4.5.4.Bij de beoordeling of sprake is van een onevenredig zware last voor betrokkene wordt het volgende in aanmerking genomen. Door de invoering van artikel 44, tweede lid, van de WAO en artikel 10a van het Schattingsbesluit is de uitkering die betrokkene ontving op grond van de WAO in de periode tussen 1 juli 2016 en 1 januari 2017 (behalve in de maand oktober) niet meer tot uitbetaling gekomen. Ook de aan die uitkering gekoppelde overige inkomsten zijn hierdoor vervallen. In totaal ontvangt betrokkene hierdoor op jaarbasis ongeveer € 6.000,- bruto minder. Buiten kijf staat dat betrokkene door de invoering van de periodeloonvergelijking een groot financieel nadeel heeft ondervonden. Er is echter niet gebleken dat de situatie waarin betrokkene in de hier te beoordelen periode verkeerde, dermate schrijnend was dat in haar geval sprake was van een onevenredig zware last. Ook wanneer, zoals door betrokkene bepleit, het inkomen van haar echtgenoot buiten beschouwing wordt gelaten, en ook als het sociaal minimum voor een alleenstaande als maatstaf zou moeten worden genomen, beschikte betrokkene nog over een inkomen dat het toepasselijke sociaal minimum oversteeg. Dit inkomen was bovendien in hoogte vergelijkbaar met haar geïndexeerde maatmaninkomen. Bovendien was geen sprake van een definitief verlies van de uitkering omdat betrokkene bij een verlaging van haar inkomen weer recht op een WAO‑uitkering zou krijgen. Van belang is ook dat betrokkene de keuze had om minder uren te gaan werken op grond waarvan haar WAO-uitkering weer tot uitbetaling zou komen (vergelijk het arrest van het EHRM van 5 september 2017, Fábián tegen Hongarije, ECLI:CE:ECHR:2017:0905JUD007811713, punt 76). Van bijzondere omstandigheden op grond waarvan niettemin zou moeten worden aangenomen dat op betrokkene een onevenredig zware last is komen te liggen, is niet gebleken. De terugval in inkomsten alleen is hiervoor onvoldoende. Dit leidt ertoe dat artikel 1 van het Eerste Protocol niet is geschonden.

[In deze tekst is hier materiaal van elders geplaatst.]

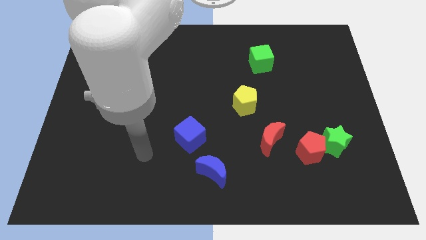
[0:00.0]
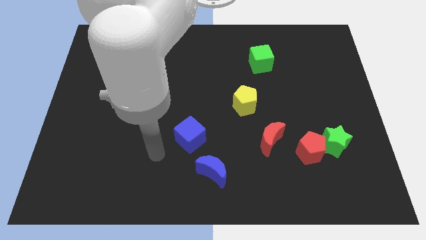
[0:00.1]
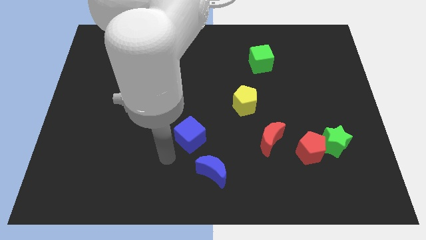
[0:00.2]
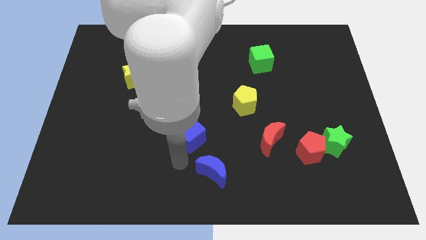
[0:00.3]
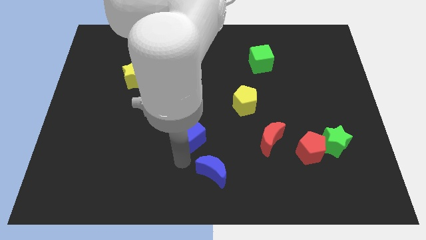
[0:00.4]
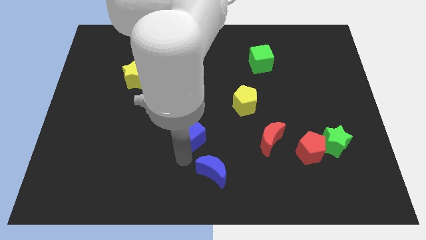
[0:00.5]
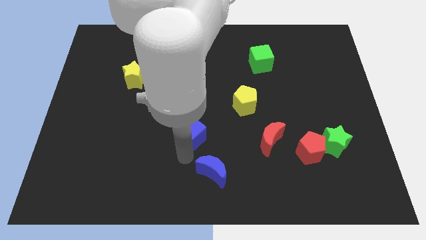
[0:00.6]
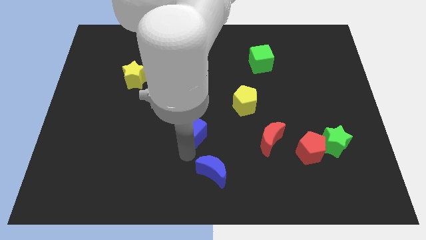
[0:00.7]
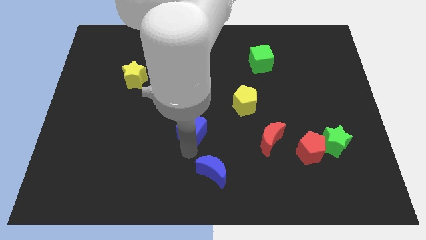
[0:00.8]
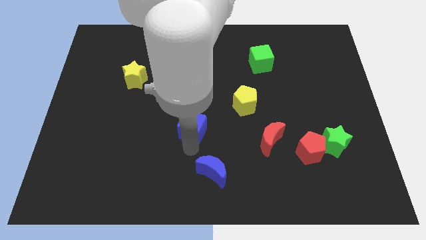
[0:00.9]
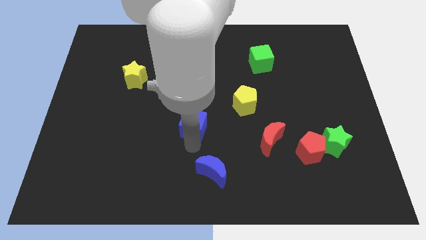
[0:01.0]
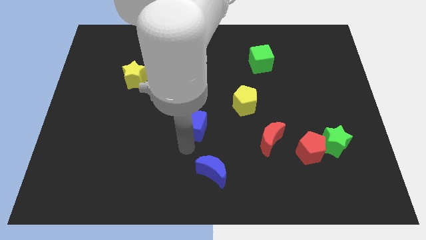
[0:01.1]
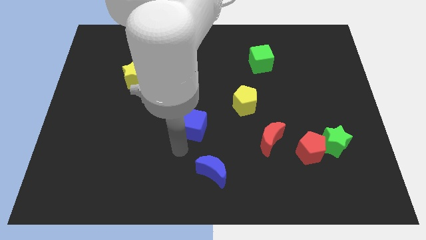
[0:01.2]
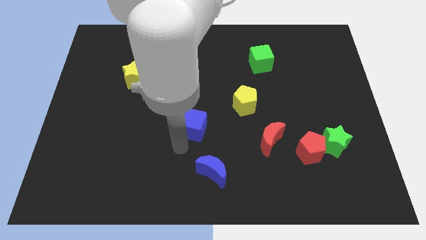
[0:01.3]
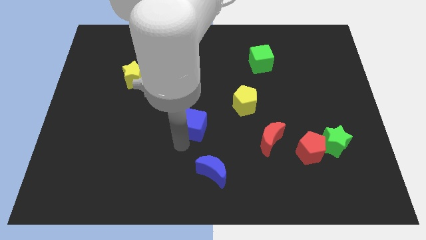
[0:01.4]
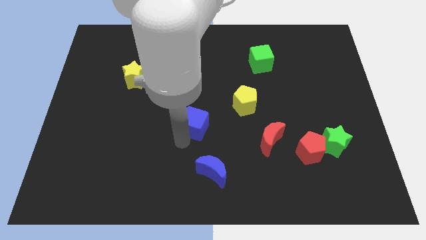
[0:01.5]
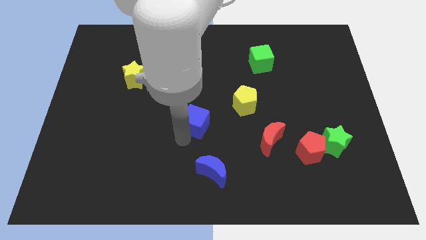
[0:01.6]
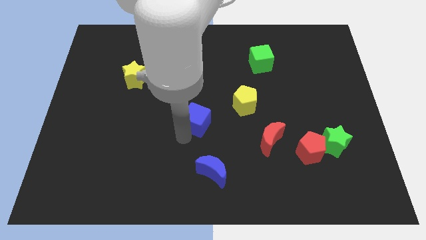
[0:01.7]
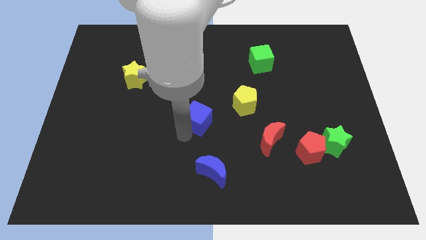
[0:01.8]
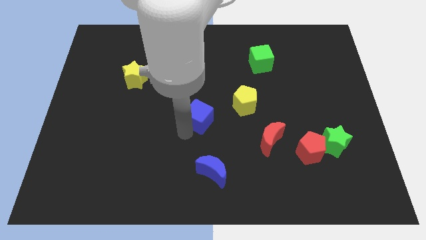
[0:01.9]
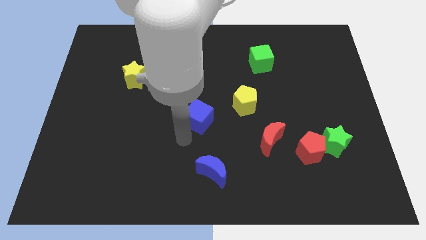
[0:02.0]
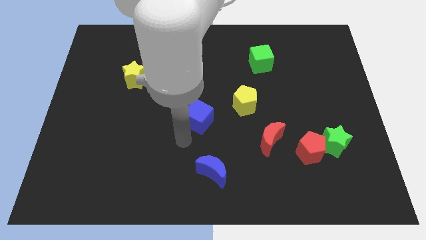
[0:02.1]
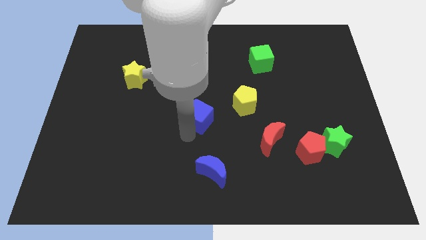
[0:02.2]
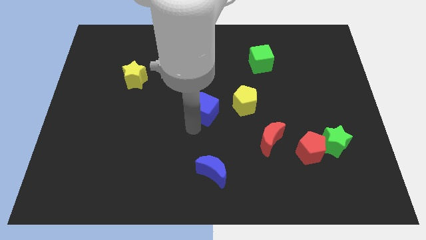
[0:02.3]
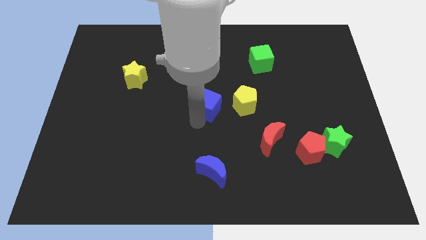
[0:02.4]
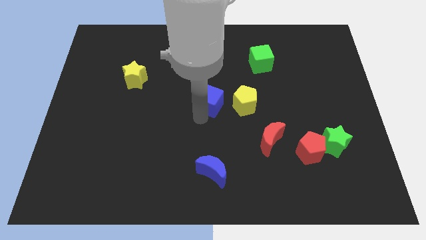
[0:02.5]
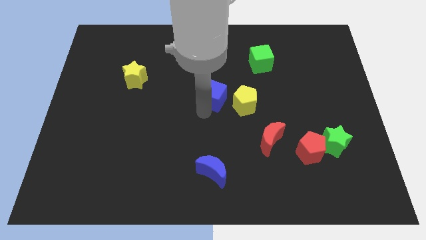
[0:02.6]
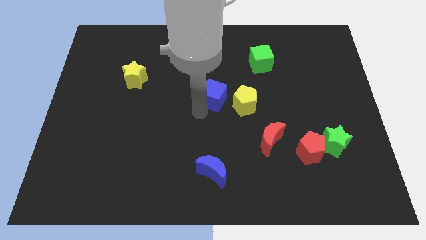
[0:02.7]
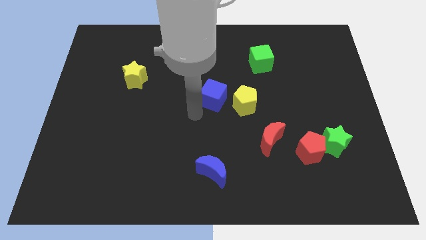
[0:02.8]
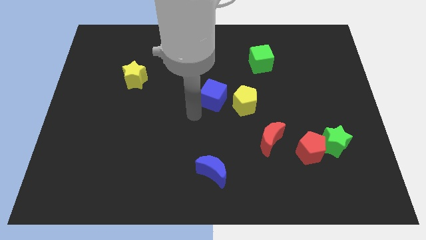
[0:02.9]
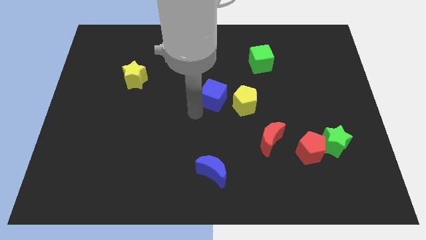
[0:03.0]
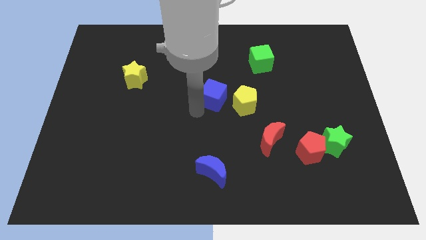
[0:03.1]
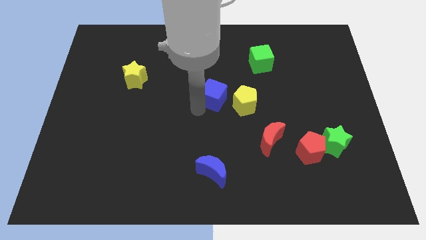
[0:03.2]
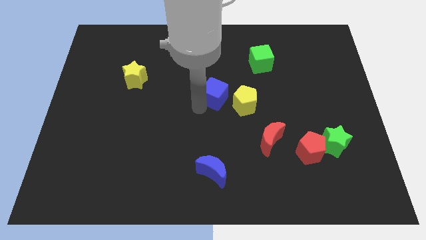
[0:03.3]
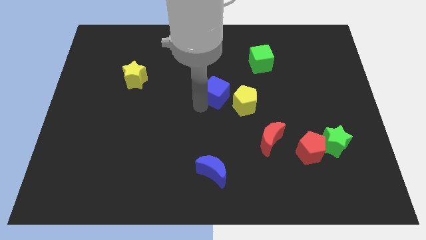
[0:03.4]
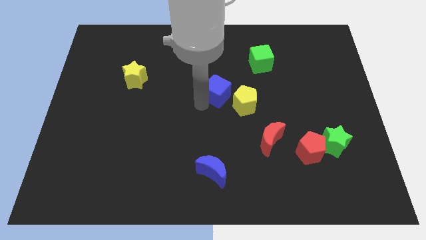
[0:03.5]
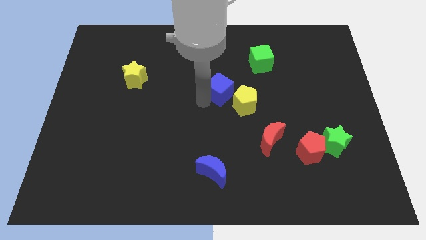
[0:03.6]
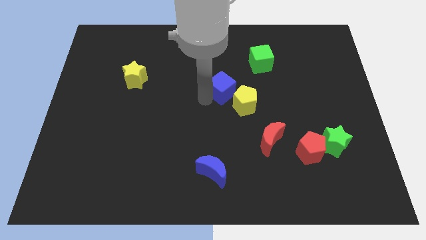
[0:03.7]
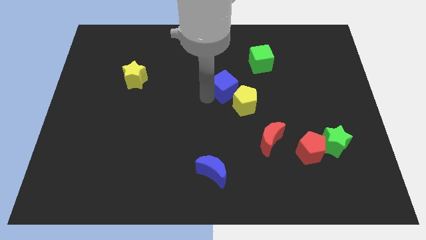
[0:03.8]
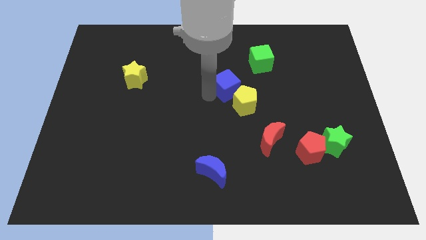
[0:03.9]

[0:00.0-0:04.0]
slide the blue cube to the bottom left side of the green cube

4.5.5.Dit betekent dat het hoger beroep van het Uwv niet slaagt en dat de tussenuitspraak en de uitspraak van de rechtbank moeten worden bevestigd, met dien verstande dat de rechtsgevolgen van het besluit van 17 januari 2017 in stand blijven.
5. Voor een veroordeling in de proceskosten bestaat geen aanleiding.